The prokaryotes exist in nature under enormous range of physical condition such as O2 concentration, hydrogen ion concentration (pH), temperature, salt concentration and water activity. The exclusive limit of life on the planet is set by the prokaryotes especially the archaea. An understanding of these influences aids in the control of microbial growth and the study of the ecological distribution of microorganisms. Prokaryotes are present or grow anywhere life can exist. The environments in which some prokaryotes grow would kill most other organisms. For example Bacillus infernus is able to live over 1.5 miles below the earth's surface without O2 and 60oC temperature. These microorganisms which can thrive and grow in such harsh conditions are often called extremophiles. In this chapter, we will see the relativeness of environmental factors and bacterial growth.
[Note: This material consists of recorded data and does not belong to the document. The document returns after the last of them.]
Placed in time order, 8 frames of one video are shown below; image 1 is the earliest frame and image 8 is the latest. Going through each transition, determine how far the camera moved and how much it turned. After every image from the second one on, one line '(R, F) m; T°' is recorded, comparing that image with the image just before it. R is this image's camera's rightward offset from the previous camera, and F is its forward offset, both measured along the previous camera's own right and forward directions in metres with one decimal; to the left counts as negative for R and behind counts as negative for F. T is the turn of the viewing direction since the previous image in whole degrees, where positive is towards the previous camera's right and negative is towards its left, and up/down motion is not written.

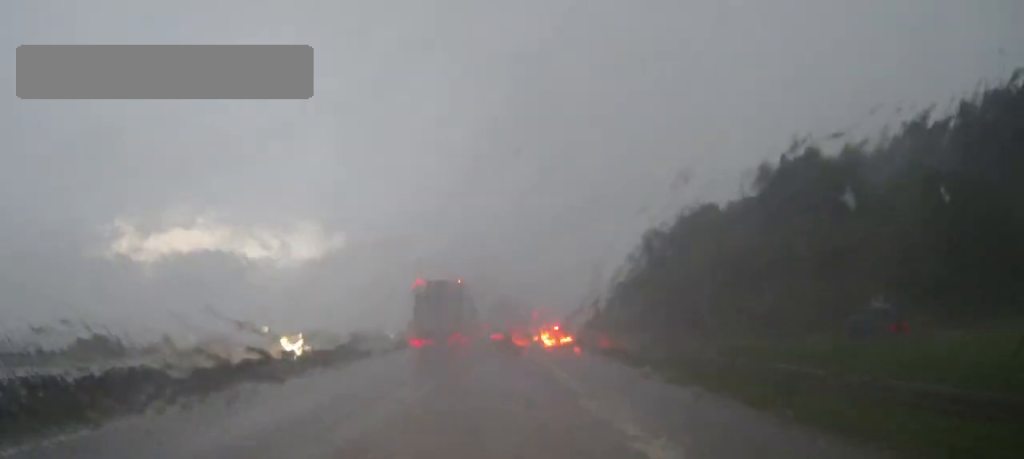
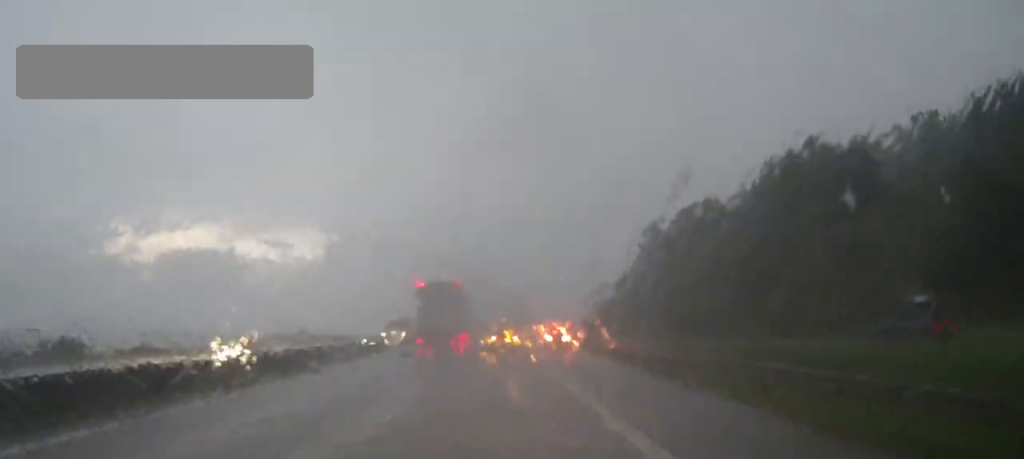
(0.0, +4.4) m; 0°
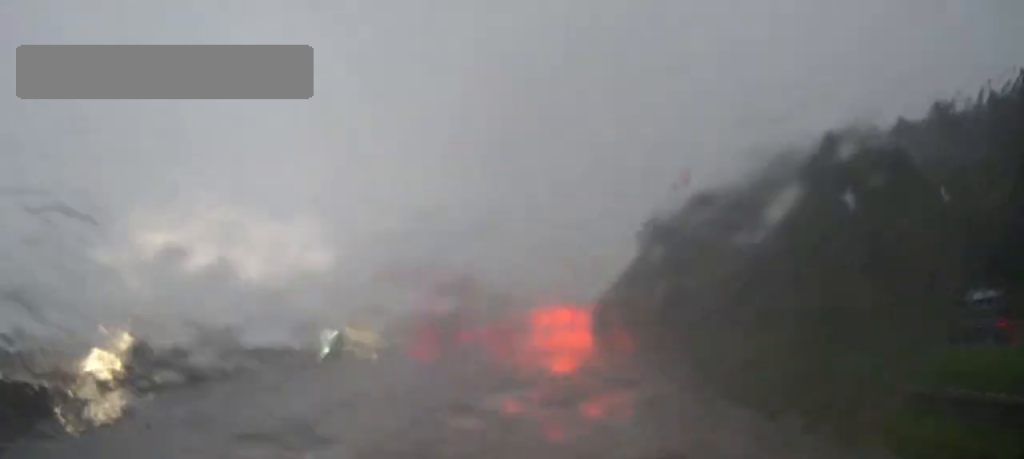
(0.0, +5.5) m; 0°
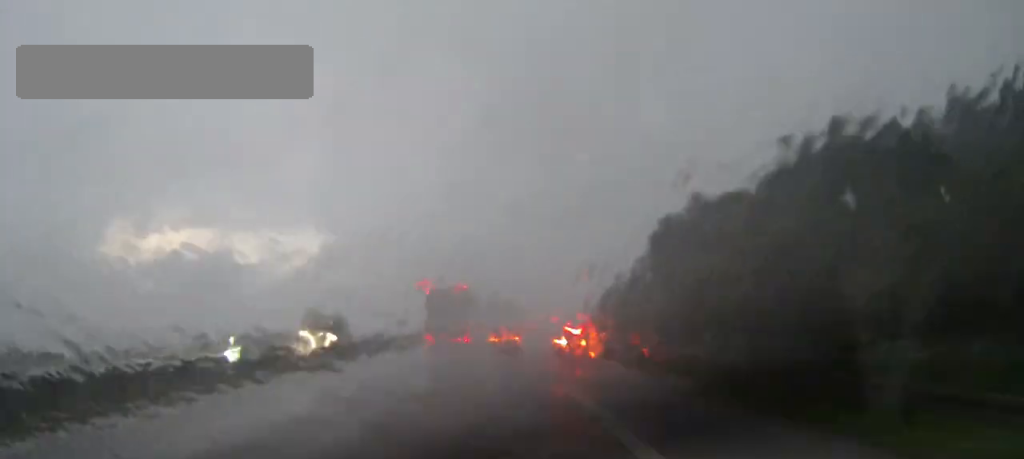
(0.0, +6.5) m; 0°
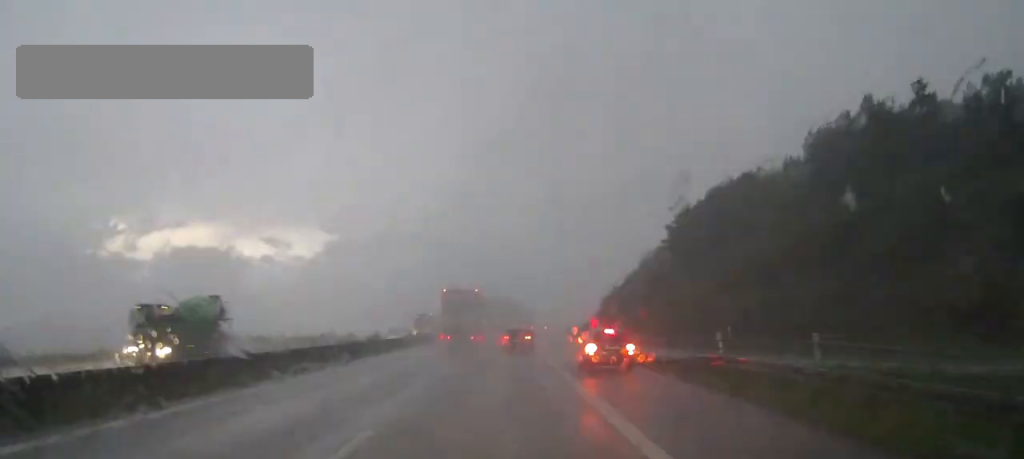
(0.0, +10.7) m; 0°
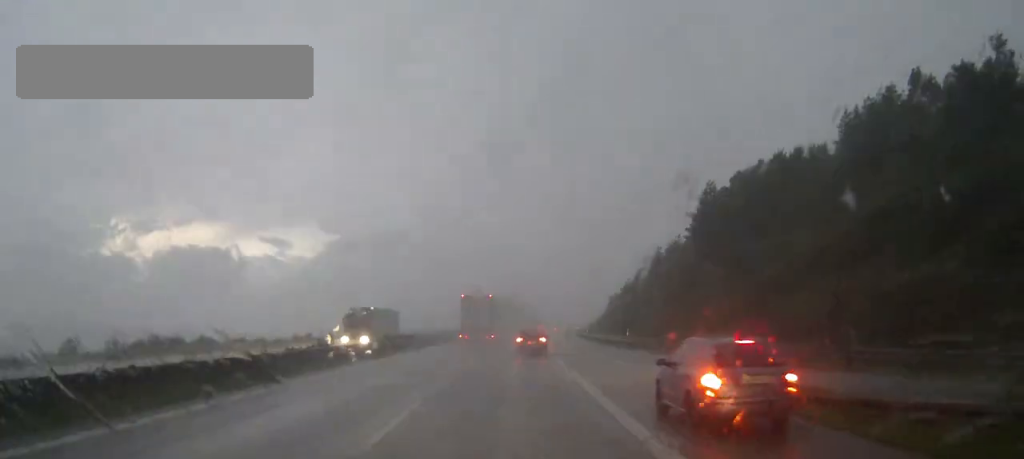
(+0.1, +14.0) m; +1°
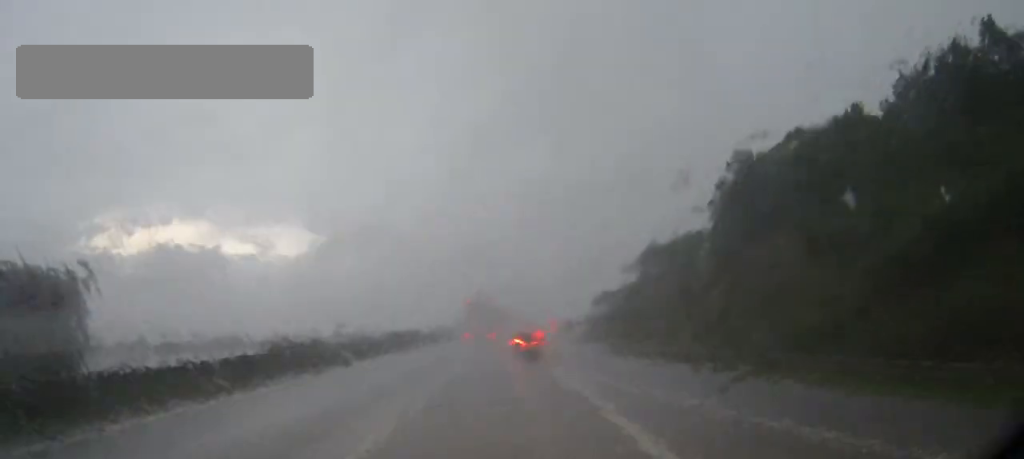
(+0.3, +20.6) m; +1°
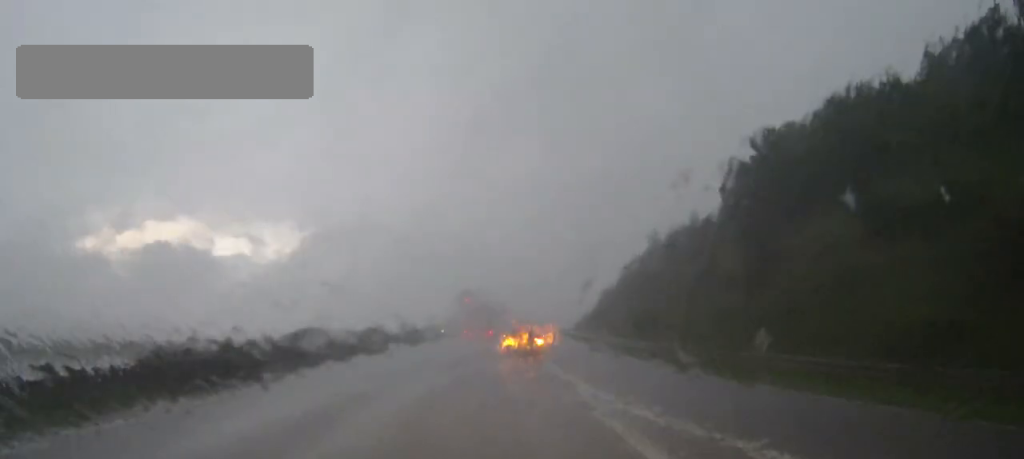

Temperature profoundly affects microorganisms as the most important factor influencing the effect is temperature sensitivity of enzyme-catalyzed reactions. Beyond a certain point of higher temperature, slow growth takes place and damages the microorganisms by denaturing enzymes, transport carriers and other proteins. The plasma membrane also is disrupted as lipid bilayer simply melts and the damage is such an extent that it cannot be repaired. At very low temperature, membranes solidify and enzymes don't work rapidly. In summary, when organisms are above their optimum temperature, both the function and cell structure is affected at low temperature, function is affected. The cardinal temperatures vary greatly between microorganisms. For example, microorganisms have been found growing in virtually all environments where there is liquid water, regardless of its temperature. In 1966, Professor Thomas D. Brock at Indiana University made the amazing discovery in boiling hot springs of Yellowstone National Park that bacteria were not just surviving there, they were growing and flourishing. Boiling temperature could not inactivate any essential enzyme. Subsequently, prokaryotes have been detected growing around black smokers and hydrothermal vents in the deep sea at temperatures at least as high as 115°C. Microorganisms have been found growing at very low temperatures as well. In super cooled solutions of H2O as low as -20°C, certain organisms can extract water for growth, and many forms of life flourish in the icy waters of the Antarctic, as well as household refrigerators, near 0°C. Based on the growth of bacteria at different temperatures, there are three different temperatures are available.
Minimum temperature – The temperature below which the organism will not grow at all.
maximum temperature – above which there won’t be any growth of organism
Optimum temperature – The temperature in which maximum growth occurs.
Based on the optimum temperature requirement, the organisms can be classified as :
Psychrophiles: The organisms which prefer low temperature (15°C) as optimum temperature are referred as psychrophiles. They have about 0°C and 20°C as their minimum and maximum temperature respectively. Ex. Poloromonas vaculata
Psychrotolerants: They are the mesophiles but can grow even at lower temperature of 20-40°C (as the maximum temperature not optimum) Example: Refrigerator bacteria (Food borne pathogens)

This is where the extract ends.